Макс Пойнт вскочил со стула и схватил шпатель с табуретки за своей спиной. Эдвард увидел, как сверкнуло лезвие, повернулся и бросился прочь, к свету полуоткрытой двери. Поднимаясь по ступеням, он оглянулся через плечо и увидел, как Макс Пойнт метнул нож в одно из полотен.
– Значит, он принял тебя за Джесса, – сказал Томас.
– Да. А потом сказал, что я – дьявол, прикидывающийся Джессом. И что Джесс мертв, а я убил его.
Эдвард в конечном итоге все-таки решил пойти к Томасу. Потребность поговорить хоть с кем-нибудь была слишком сильна, а Томас оставался единственным человеком, кому он мог открыться. Эдвард рассказал ему о Сигарде, но, конечно, умолчал о Гарри с Мидж и о Стюарте. Он не хотел, чтобы Томас пригласил к себе Стюарта и начал допрашивать его. И без того хватало неразберихи. Только когда Эдвард принял решение поговорить с Томасом, мысль о тайном романе отчима с женой Томаса выкристаллизовалась в его голове и прочно осела там. Это странное приключение в Сигарде, появление «мистера и миссис Бентли», вторжение Джесса, поцелуй Джесса и Мидж – все это Эдвард вспоминал как сон, как фантасмагорическую прелюдию к случившемуся на следующий день. Он не считал своим долгом сообщать о том, чему стал свидетелем, и не знал, известно ли Томасу о романе его жены. Эдварда больше заботили собственные проблемы и печали. Все остальное было непонятным и отвратительным пятном на краю картины. Недавно он почувствовал грусть оттого, что не может радоваться баржам, а сейчас немного переживал из-за того, что не может больше болеть за своего любимого отчима и за Мидж, к которой питал когда-то детские романтические чувства, и что драма, разыгравшаяся так близко, не интересует его. Чужая боль нередко утешает черствые сердца, если только не перехлестывает через край. О Томасе Эдвард не беспокоился. Томас был сильным человеком, он сумеет о себе позаботиться в любых обстоятельствах. Подумав об этом, Эдвард испытал мимолетный страх за Гарри – страх за того, кто (пусть и не в прямом смысле слова) все же был его отцом.
«Есть вещи, о которых лучше не думать», – решил он.
– И он назвал меня призраком. Надо же – я не только видел призрака, но и был таковым!
– Значит, тебе кажется, что он сказал: «Джесс мертв, он утонул»?
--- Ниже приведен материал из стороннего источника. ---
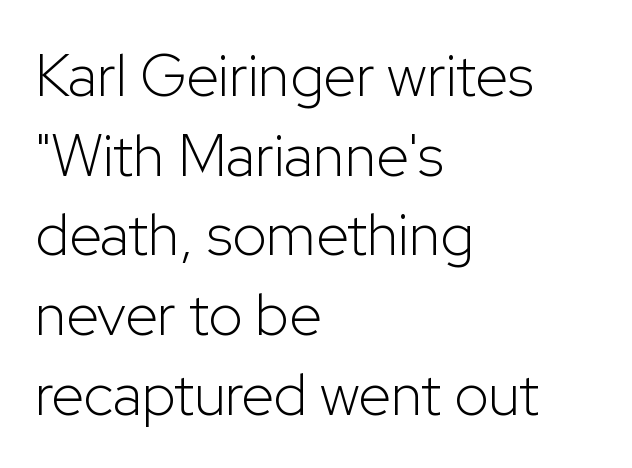
The image shows 59 px light sans-serif type, upright; set left-aligned, normal line spacing (1.35x), normal letter spacing, not underlined; low stroke contrast and a medium x-height.
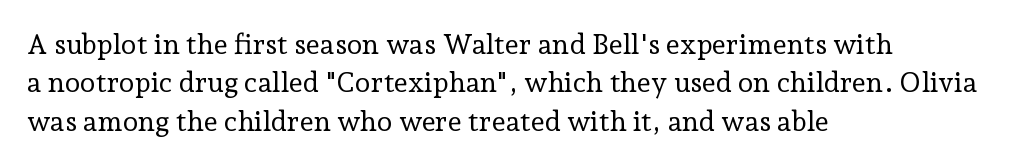
{"serif": "yes", "italic": "no", "bold": "no", "weight": "regular", "width": "normal", "stroke_contrast": "low", "x_height": "medium", "monospaced": "no", "underline": "no", "align": "left", "line_spacing": "normal", "line_spacing_ratio": 1.37, "letter_spacing": "normal", "letter_spacing_em": 0.0, "glyph_px": 28}
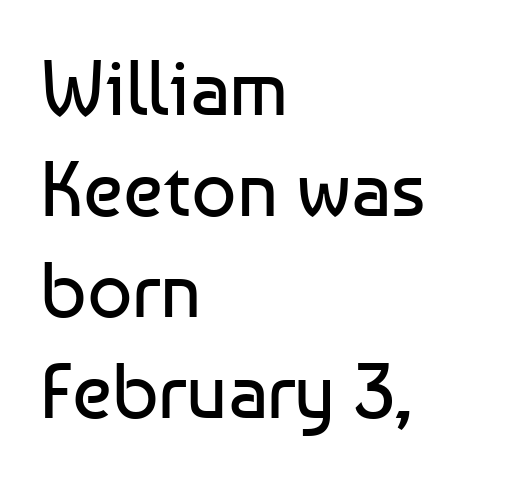
The image shows 79 px regular-weight sans-serif type, upright; set left-aligned, normal line spacing (1.28x), normal letter spacing, not underlined; low stroke contrast and a medium x-height.
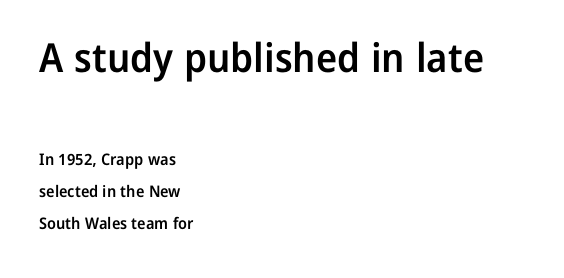
The image shows 40 px semibold sans-serif type, upright; set left-aligned, loose line spacing (2.02x), normal letter spacing, not underlined; the first (top) block is 2.5x larger; low stroke contrast and a medium x-height.
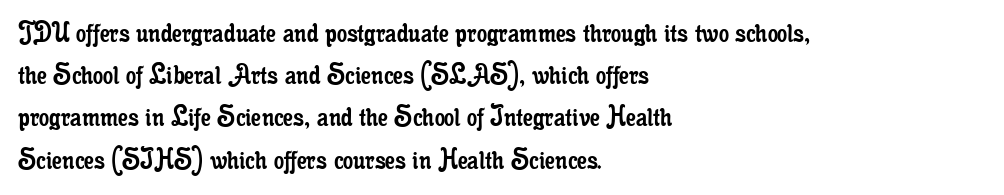
Q: Is the text bold? A: No.
Q: Is the text italic (slanted)? A: No, it is upright.
Q: Is the typeface a serif or a sans-serif typeface? A: Serif.
Q: Is the text underlined? A: No.
Q: How is the paragraph aligned? A: Left-aligned.
Q: Is the spacing between letters normal or unusually wide? A: Normal.
Q: Is the spacing between lines tight, normal or loose? A: Normal.
Q: Width (condensed, normal, or wide)? A: Condensed.
Q: Stroke contrast? A: Low.
Q: x-height? A: Small.
Q: Monospaced? A: No.
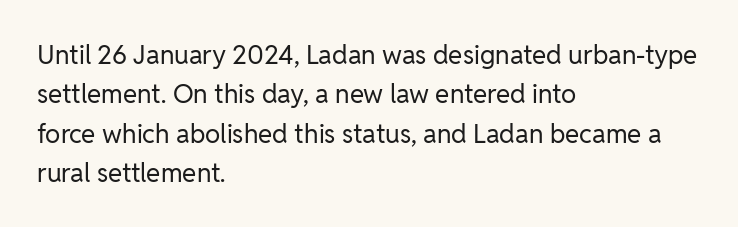
A typesetter would mark this as roman, not italic. Does the leading feel generous? No, just average. The typesetter chose a ragged-right arrangement here. The gaps between neighbouring characters are ordinary and unremarkable. Is this a heavy cut? Hardly; it is regular or lighter. The space directly below the letters is spotless.
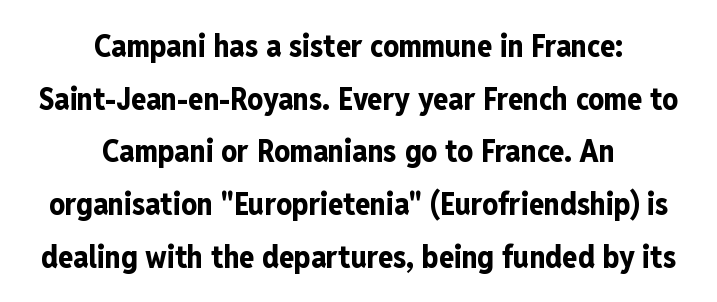
Q: Is the text bold? A: Yes.
Q: Is the text italic (slanted)? A: No, it is upright.
Q: Is the typeface a serif or a sans-serif typeface? A: Sans-serif.
Q: Is the text underlined? A: No.
Q: How is the paragraph aligned? A: Centered.
Q: Is the spacing between letters normal or unusually wide? A: Normal.
Q: Is the spacing between lines tight, normal or loose? A: Normal.
Q: Width (condensed, normal, or wide)? A: Condensed.
Q: Stroke contrast? A: Low.
Q: x-height? A: Medium.
Q: Monospaced? A: No.
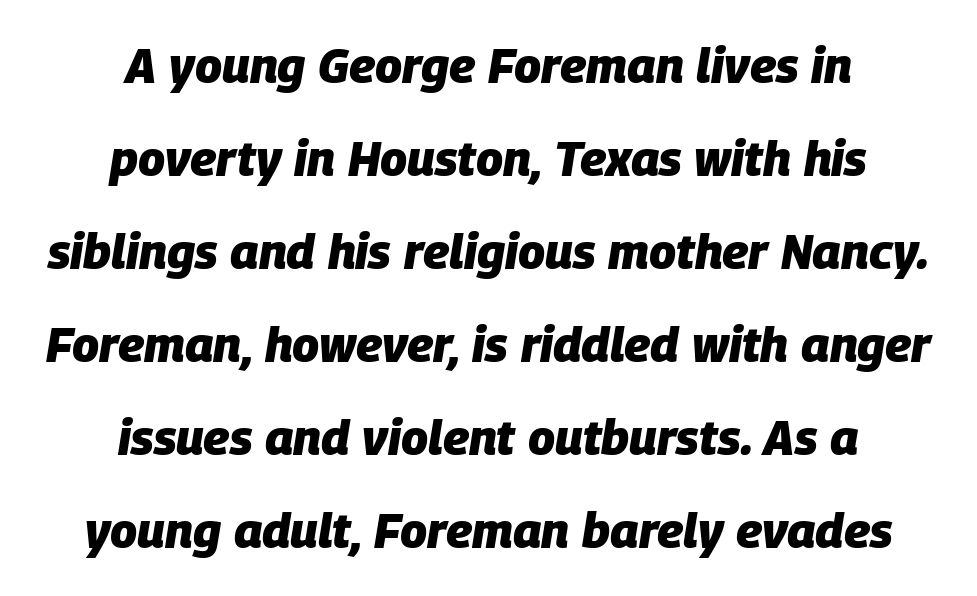
I'd describe the lettering as bold — thick and assertive. Each new line begins a long way beneath the previous one. The face used here is rendered with its standard letterfit. The passage shown leans; its letterforms are oblique. The paragraph has two soft edges and a firm central axis. Spacing verdict: proportional, widths tailored to each character.
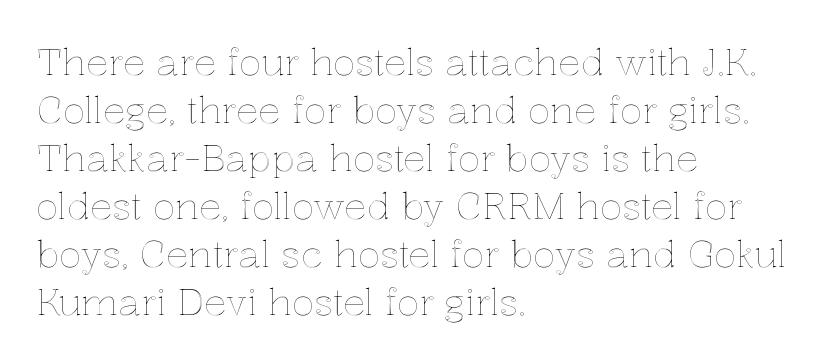
Each letter keeps its own natural width here, so spacing adapts to shape. How are the letters spaced? Ordinarily, with no added tracking. This sample is left-justified, so line endings fall wherever the words run out. Notice how descenders clear the ascenders below comfortably — that's standard leading.
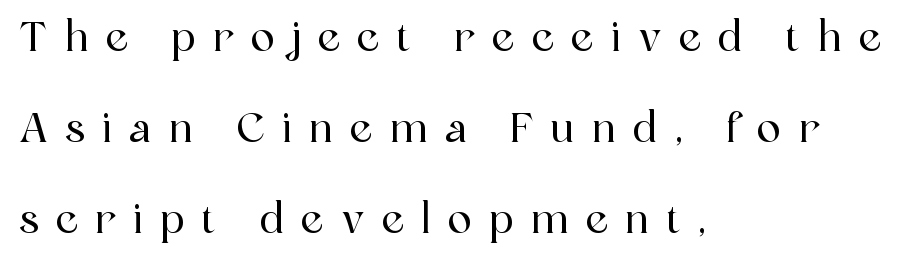
Loose tracking; the words dissolve into strings of separated letters. The letters carry serifs — small finishing strokes at the ends of their stems. Here the designer chose a conventional face with non-uniform glyph widths. Just letters on the line, the space beneath them empty. Caption: multi-line text, flush left, ragged right. In terms of leading, this rendering errs on the spacious side.
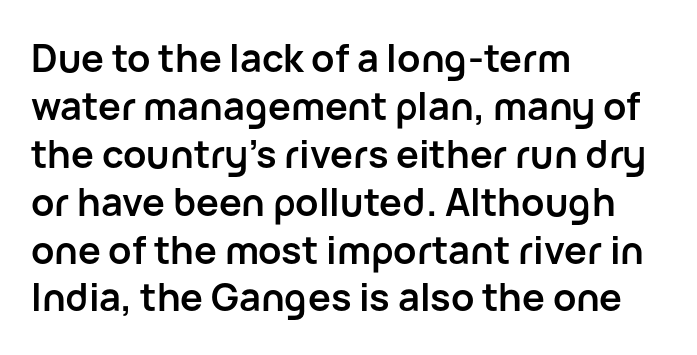
{"serif": "no", "italic": "no", "bold": "yes", "weight": "semibold", "width": "normal", "stroke_contrast": "low", "x_height": "medium", "monospaced": "no", "underline": "no", "align": "left", "line_spacing": "normal", "line_spacing_ratio": 1.26, "letter_spacing": "normal", "letter_spacing_em": 0.0, "glyph_px": 38}
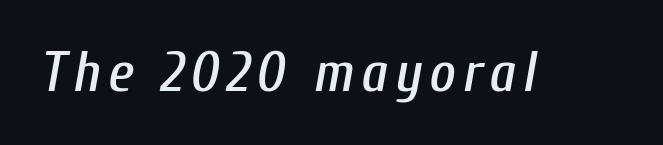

– Нет, думаю, это я выдумал, присочинил позже… я не могу больше доверять собственным мыслям и памяти. Он сказал, что ему снился лже-Джесс весь в крови и грязи.
– Давай-ка оставим Макса Пойнта…
– Это так ужасно, – сказал Эдвард. – Все его бросили. Можем мы что-нибудь сделать для него? Он совсем один, он пьет и когда-нибудь допьется до смерти.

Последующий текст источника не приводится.